Einmal wird es beim Konzert ernst

Der Sound in der Arena ist richtig gut. So knackig, dass man trotz dröhnender Bässe und wuchtigen Drums beinahe jedes Wort verstehen kann. Was aber im Grunde gar nicht nötig ist, die meisten Zuschauer können sowieso jede Zeile mitsingen. Lieder wie „Geile Biester“ oder „Jein“, „Emanuela“ oder „Bettina“ sind längst Evergreens.

Dabei geht es den Broten mittlerweile nicht mehr ausschließlich um Liebe und Spaß, „Hey ho“ und „Hände in die Luft“. Ein Hauch Ernsthaftigkeit darf schon sein. In ihrem Song "Du driftest nach rechts" besingen sie eine Freundin, die plötzlich von "Geflüchteten als Touristen" spricht. Die Brote sagen, sie wollten auf ihrem neuen Album auch darüber singen, wie es ist, in einem Land zu leben, in dem „bisher Unsagbares plötzlich konsensfähig“ wird.

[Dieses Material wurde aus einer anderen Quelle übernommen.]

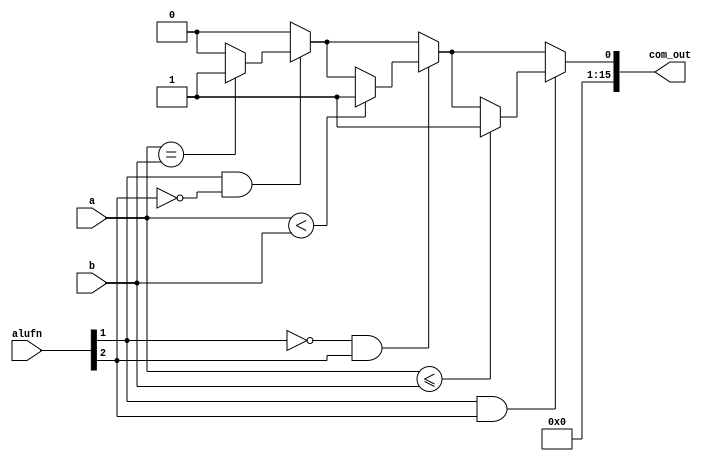
/*
   This file was generated automatically by the Mojo IDE version B1.3.6.
   Do not edit this file directly. Instead edit the original Lucid source.
   This is a temporary file and any changes made to it will be destroyed.
*/

module comparator_16 (
    input [5:0] alufn,
    input [15:0] a,
    input [15:0] b,
    output reg [15:0] com_out
  );
  
  
  
  reg [15:0] out;
  
  always @* begin
    out[0+0-:1] = 1'h0;
    if (alufn[1+0-:1] == 1'h1 & alufn[2+0-:1] == 1'h0) begin
      if (a == b) begin
        out[0+0-:1] = 1'h1;
      end
    end
    if (alufn[1+0-:1] == 1'h0 & alufn[2+0-:1] == 1'h1) begin
      if (a < b) begin
        out[0+0-:1] = 1'h1;
      end
    end
    if (alufn[1+0-:1] == 1'h1 & alufn[2+0-:1] == 1'h1) begin
      if (a <= b) begin
        out[0+0-:1] = 1'h1;
      end
    end
    out[1+14-:15] = 16'h0000;
    com_out = out;
  end
endmodule
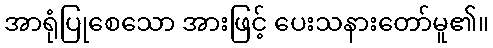
အာရုံပြုစေသော အားဖြင့် ပေးသနားတော်မူ၏။
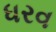
ધરવ
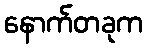
နောက်တခုက
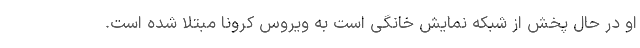
او در حال پخش از شبکه نمایش خانگی است به ویروس کرونا مبتلا شده است.
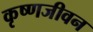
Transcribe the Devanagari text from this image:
कृष्णजीवन
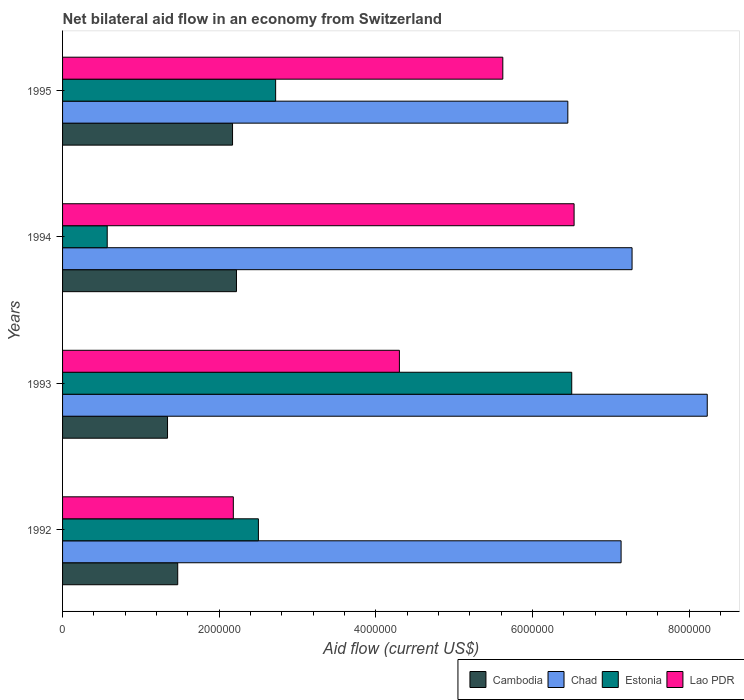
| Years | Cambodia | Chad | Estonia | Lao PDR |
 | --- | --- | --- | --- | --- |
 | 1992 | 1.47e+06 | 7.13e+06 | 2.5e+06 | 2.18e+06 |
 | 1993 | 1.34e+06 | 8.23e+06 | 6.5e+06 | 4.3e+06 |
 | 1994 | 2.22e+06 | 7.27e+06 | 5.7e+05 | 6.53e+06 |
 | 1995 | 2.17e+06 | 6.45e+06 | 2.72e+06 | 5.62e+06 |
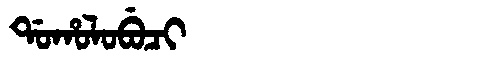
Manchu: ᡩᠣᡥᠣᠯᠣᠪᡠᠴᡳ
Romanization: DOHOLOBUCI
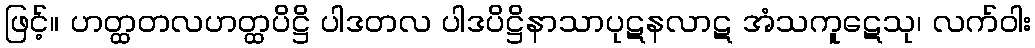
ဖြင့်။ ဟတ္ထတလဟတ္ထပိဋ္ဌိ ပါဒတလ ပါဒပိဋ္ဌိနာသာပုဋနလာဋ အံသကူဋေသု၊ လက်ဝါး
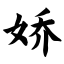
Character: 娇
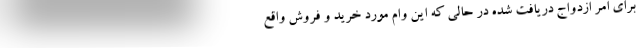
برای امر ازدواج دریافت شده در حالی که این وام مورد خرید و فروش واقع
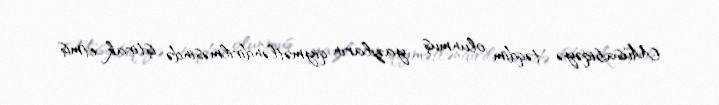
Müsabiqəyə təqdim olunmuş yazıların qiymətləndirilməsində iştirak etmiş
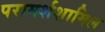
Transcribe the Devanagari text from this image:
परामर्शशामिल
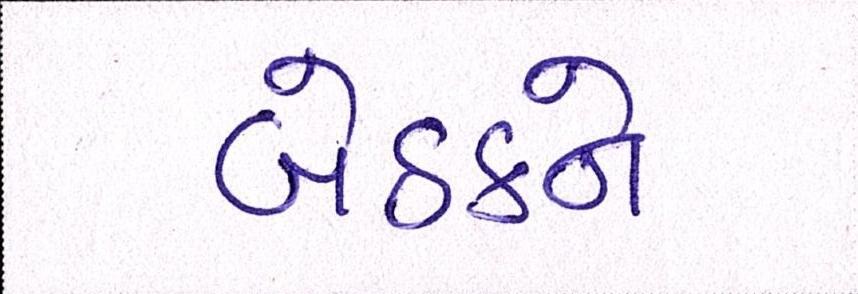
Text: બેઠકને

Am Ende aber sind die Hände wieder oben. Natürlich spielen sie noch ihre Hymne "Nordisch by Nature", mit der die Brote vor einem Vierteljahrhundert ihren ersten großen kommerziellen Erfolg feierten. Also "auf die Schnelle noch 'ne Fischfrikadelle". Und ab geht die Party.